The armorial crest of my own State consisted of two dissolute bears holding up the head of a dead and gone cask between them and making the pertinent remark, “UNITED, WE STAND—(hic!)—DIVIDED, WE FALL.” It was always too figurative for the author of this book. But the Mormon crest was easy. And it was simple, unostentatious, and fitted like a glove. It was a representation of a GOLDEN BEEHIVE, with the bees all at work!

The city lies in the edge of a level plain as broad as the State of Connecticut, and crouches close down to the ground under a curving wall of mighty mountains whose heads are hidden in the clouds, and whose shoulders bear relics of the snows of winter all the summer long.

Seen from one of these dizzy heights, twelve or fifteen miles off, Great Salt Lake City is toned down and diminished till it is suggestive of a child's toy-village reposing under the majestic protection of the Chinese wall.
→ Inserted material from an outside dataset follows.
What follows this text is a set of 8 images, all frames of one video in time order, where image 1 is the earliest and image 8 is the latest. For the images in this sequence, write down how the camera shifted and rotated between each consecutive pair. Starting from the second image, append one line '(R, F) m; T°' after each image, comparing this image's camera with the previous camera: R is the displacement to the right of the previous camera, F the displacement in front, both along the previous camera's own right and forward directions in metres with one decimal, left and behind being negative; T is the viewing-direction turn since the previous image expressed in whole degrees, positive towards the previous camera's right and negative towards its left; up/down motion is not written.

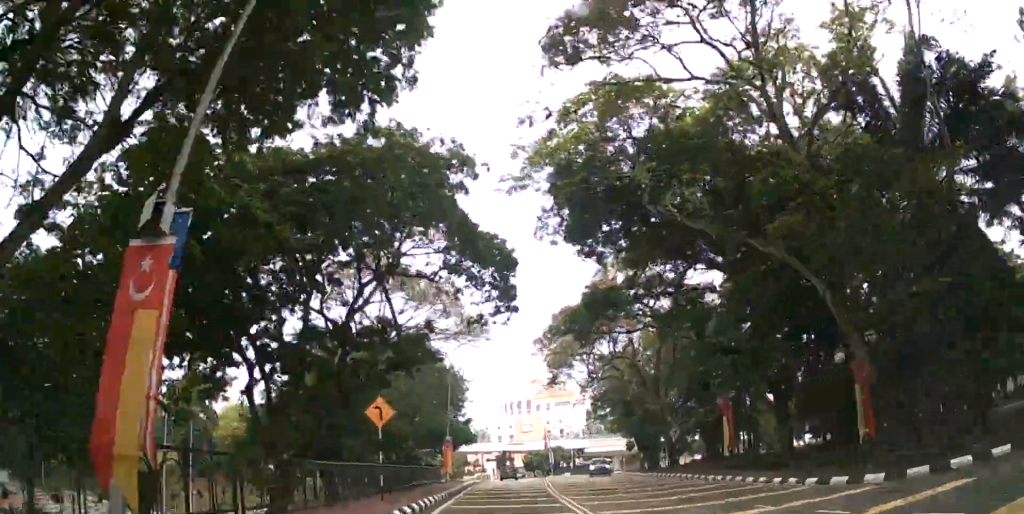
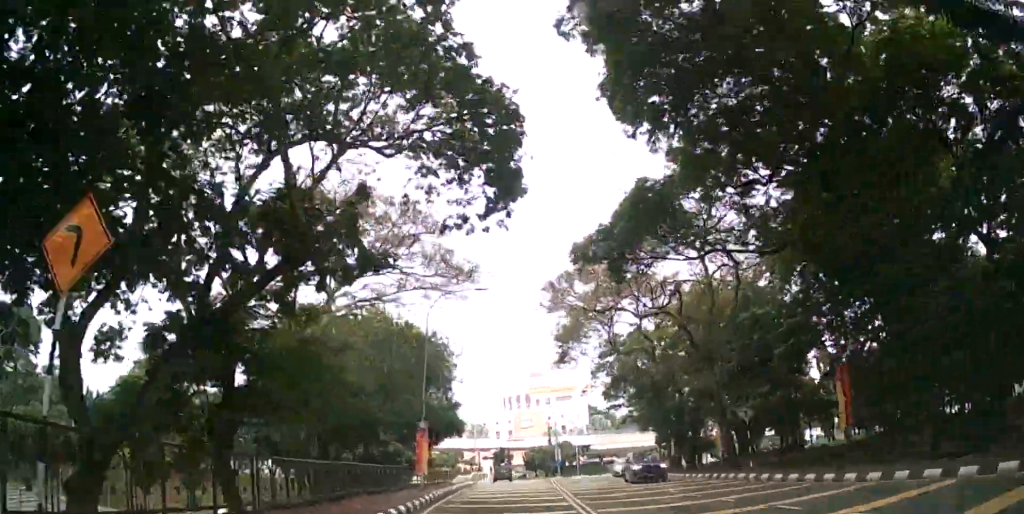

On some of those mountains, to the southwest, it had been raining every day for two weeks, but not a drop had fallen in the city. And on hot days in late spring and early autumn the citizens could quit fanning and growling and go out and cool off by looking at the luxury of a glorious snow-storm going on in the mountains. They could enjoy it at a distance, at those seasons, every day, though no snow would fall in their streets, or anywhere near them.

Salt Lake City was healthy—an extremely healthy city. They declared there was only one physician in the place and he was arrested every week regularly and held to answer under the vagrant act for having “no visible means of support.” They always give you a good substantial article of truth in Salt Lake, and good measure and good weight, too. [Very often, if you wished to weigh one of their airiest little commonplace statements you would want the hay scales.]

We desired to visit the famous inland sea, the American “Dead Sea,” the great Salt Lake—seventeen miles, horseback, from the city—for we had dreamed about it, and thought about it, and talked about it, and yearned to see it, all the first part of our trip; but now when it was only arm's length away it had suddenly lost nearly every bit of its interest. And so we put it off, in a sort of general way, till next day—and that was the last we ever thought of it. We dined with some hospitable Gentiles; and visited the foundation of the prodigious temple; and talked long with that shrewd Connecticut Yankee, Heber C. Kimball (since deceased), a saint of high degree and a mighty man of commerce.

We saw the “Tithing-House,” and the “Lion House,” and I do not know or remember how many more church and government buildings of various kinds and curious names. We flitted hither and thither and enjoyed every hour, and picked up a great deal of useful information and entertaining nonsense, and went to bed at night satisfied.

The second day, we made the acquaintance of Mr. Street (since deceased) and put on white shirts and went and paid a state visit to the king. He seemed a quiet, kindly, easy-mannered, dignified, self-possessed old gentleman of fifty-five or sixty, and had a gentle craft in his eye that probably belonged there. He was very simply dressed and was just taking off a straw hat as we entered. He talked about Utah, and the Indians, and Nevada, and general American matters and questions, with our secretary and certain government officials who came with us. But he never paid any attention to me, notwithstanding I made several attempts to “draw him out” on federal politics and his high handed attitude toward Congress. I thought some of the things I said were rather fine. But he merely looked around at me, at distant intervals, something as I have seen a benignant old cat look around to see which kitten was meddling with her tail.

By and by I subsided into an indignant silence, and so sat until the end, hot and flushed, and execrating him in my heart for an ignorant savage. But he was calm. His conversation with those gentlemen flowed on as sweetly and peacefully and musically as any summer brook. When the audience was ended and we were retiring from the presence, he put his hand on my head, beamed down on me in an admiring way and said to my brother:

“Ah—your child, I presume? Boy, or girl?”